Justice Deepak Mishra , Justice M. Khanwillarkar, Justice D.Y. Chandrachud J.J
Facts of the case:
The complaint made by complainant alleging that Accused No. 1’s statement in the articles in the group hosted by the Accused No. 2 was filled with hatred towards the complainant which was defamatory in nature, which any person would find plausible. Indeed, the said statement tarnished the reputation of the complainant . The Appellant was summoned by the Magistrate pursuant to the complaint which seeks to invoke Sections 120B, 500 and 501 read with Section 34 of the Indian Penal Code, 1860 (Code). The Appellant filed the petition before the High Court to quash order passed by the Magistrate summoning Appellant for offences punishable under Sections 120B, 500 and 501 read with Section 34 of Code. The High Court dismissed the petition.
Relevant Section Information:
Technology Act, 2000 – Section 79
Decision of the SC:
The Hon’ble Supreme Court , with respect to the first issue held that the court could not interfere because a question of control arises between Google India and Google Inc., for the purposes of determining the actual responsible party which would undergo criminal proceedings was a disputed fact which could not be adjudicated under a Section 482 petition. Therefore, the Court left this issue to be argued and tried at the appropriate stage.

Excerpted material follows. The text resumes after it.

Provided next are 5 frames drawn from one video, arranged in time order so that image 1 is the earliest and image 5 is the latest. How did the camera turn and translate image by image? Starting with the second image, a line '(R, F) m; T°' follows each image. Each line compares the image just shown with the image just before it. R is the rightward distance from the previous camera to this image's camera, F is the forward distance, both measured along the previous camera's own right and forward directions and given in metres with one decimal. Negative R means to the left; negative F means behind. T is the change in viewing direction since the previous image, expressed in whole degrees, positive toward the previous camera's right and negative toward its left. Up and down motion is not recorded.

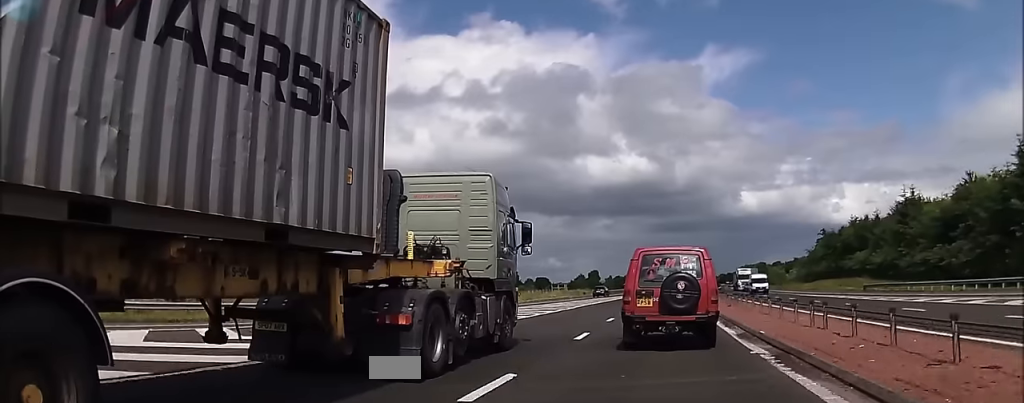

On the second issue, the Supreme Court held that since the complaint was filed and cognizance of the matter was taken prior to the substitution of S. 79 with the expanded scope of safe harbour, the adjudication of intermediary liability needed to be done as per the unamended S. 79. The learned counsel defending Google argued exemption under the unamended S. 79 on the basis of the Sharath Babu case before the Supreme Court, where the criminal charge of obscenity had been made against an intermediary, both under the IT Act as well as under the IPC. The Court held that because the IT Act was a special enactment which specifically covered obscene publication of electronic material, it would apply over and above provisions of the IPC. Further, since S. 79 exempted the intermediary from any liability under the IT Act, there was not further cause of action under the IPC.
On the third issue, the Supreme Court, relying upon the decisions of foreign courts, particularly in Byrne v Deane, held that the relevant test for a criminally defamatory publication was ‘whether the defendant really made himself responsible for its continued presence in the place where it has been put?’. The Court in Visakha went on to state the law on the subject of intermediary liability for criminal defamation as follows:
“…In other words, there may be publication within the meaning of Section 499 of the IPC even in the case of an internet operator, if having the power and the right and the ability to remove a matter, upon being called to do so, can refuse.”